It was argued, in behalf of the plaintiff, that the registration act of South Carolina was unconstitutional, because it allowed for registration only one day in each month between the day of a general election in November and the first day of July before the next general election; required the registration books to be closed from such first day of July for four months, until the ensuing election day; and thus in effect required each voter to reside in the county for one hundred and twenty days (whereas the constitution required only sixty days) before the election, and otherwise unreasonably impeded the exercise of the constitutional right of voting; that the only exception allowed was in the case of voters coming of age during those four months, and there was no exception in the case of electors who, by reason of sickness or absence or other good and sufficient cause, did not or could not have registered before the first day of July.
In the case in the Supreme Court of South Carolina of Butler v. Ellerbe, 44 So. Car. 256, cited at the bar, the Chief Justice expressed his opinion that the registration act of the State was unconstitutional; but the majority of the judges declined to express any opinion upon that question, because they thought it unnecessary for the decision. Nor should this court undertake to decide it in the present case.
Passing by the difficulty of subjecting election officers to an *67 action for damages for refusing a vote which the statute under which they are appointed forbids them to receive, it is by no means clear, taking into consideration all the constitutional and statutory provisions upon the subject, that the construction contended for is the true construction of the statute.
But, even upon that construction, the plaintiff does not show that he is in a position to impugn the constitutionality of the statute. It is only on the day when this vote was refused, that he alleges that he had resided in the State for a year and in the county for sixty days, and was of age and otherwise a qualified elector. He does not allege when he first became qualified. So far as appears, he may have become of age and otherwise qualified but a few days before the election day on which he tendered his vote, in which case he would confessedly, by the specific provision of § 141, have been entitled to apply for registration. Yet he does not allege that he ever was registered, or made any application to be registered.
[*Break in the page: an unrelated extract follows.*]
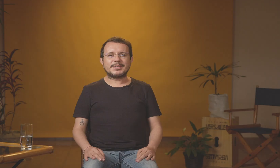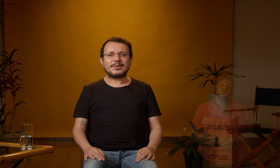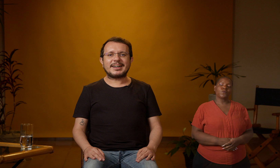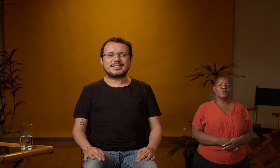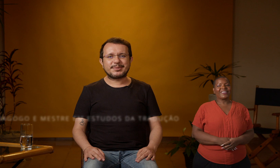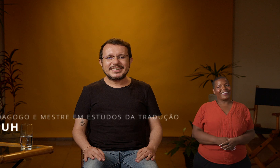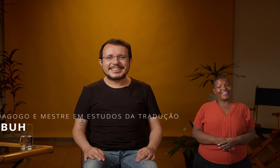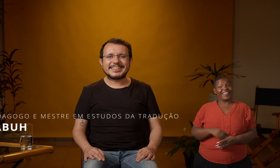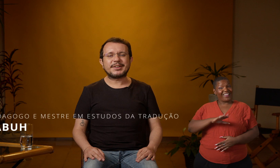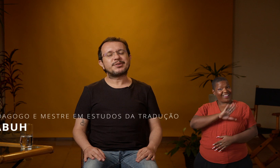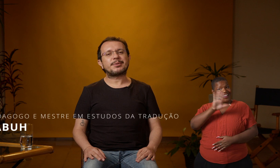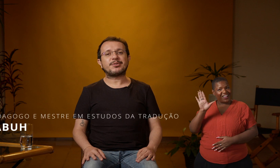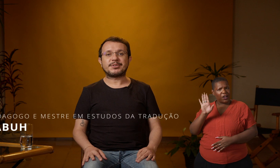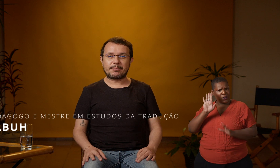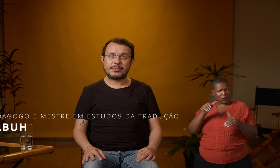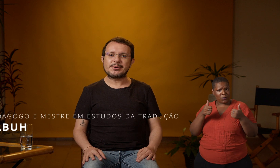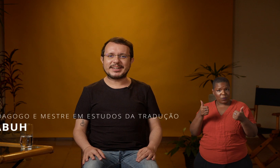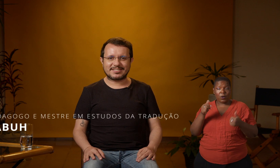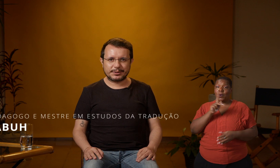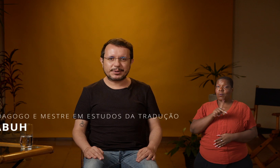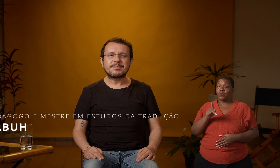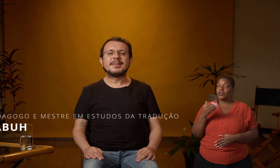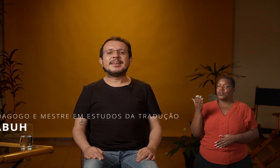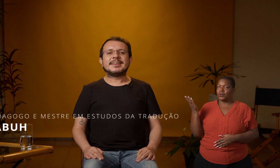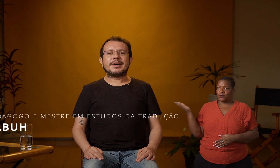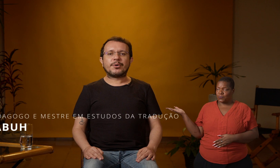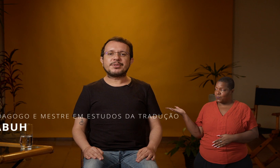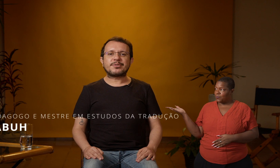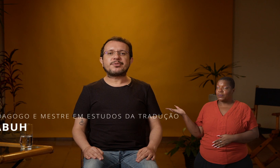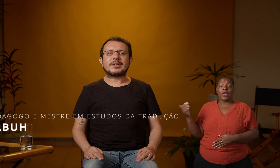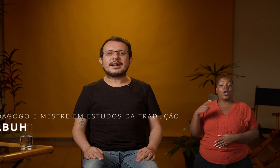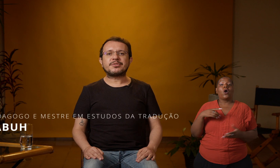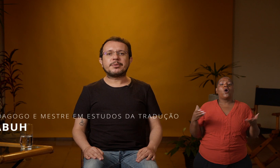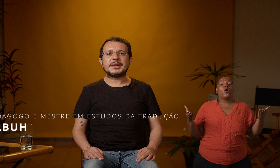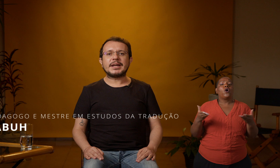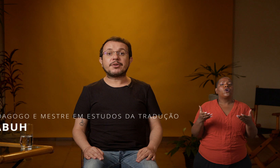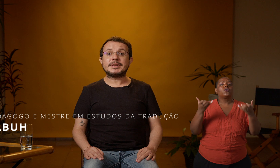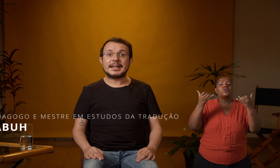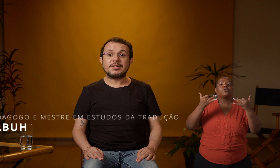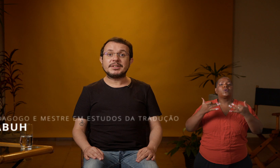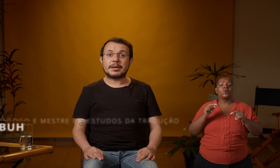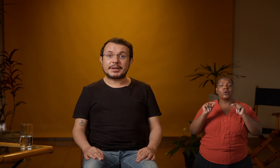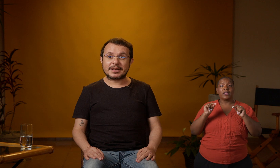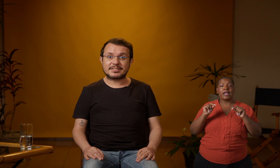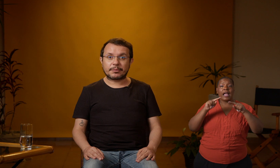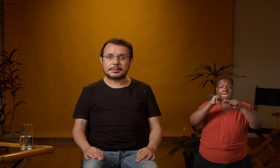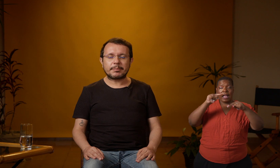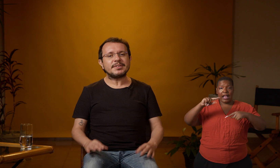Olá, tudo bem? tudo Eu sou o professor Tabu Corrêa Silva. Hoje nós vamos falar sobre a janela de interpretação. Mas

The provisions of the statutes of 1893 requiring registered voters to obtain certificates from the supervisors, the provisions for registration in earlier statutes, and the provisions of the statute of December 24, 1894, for calling a constitutional convention, enacted since the date of the election here in question, were largely commented on, and their validity impugned, in the argument for the plaintiff in error. But the validity of none of those provisions is involved in the decision of this case.
Judgment affirmed.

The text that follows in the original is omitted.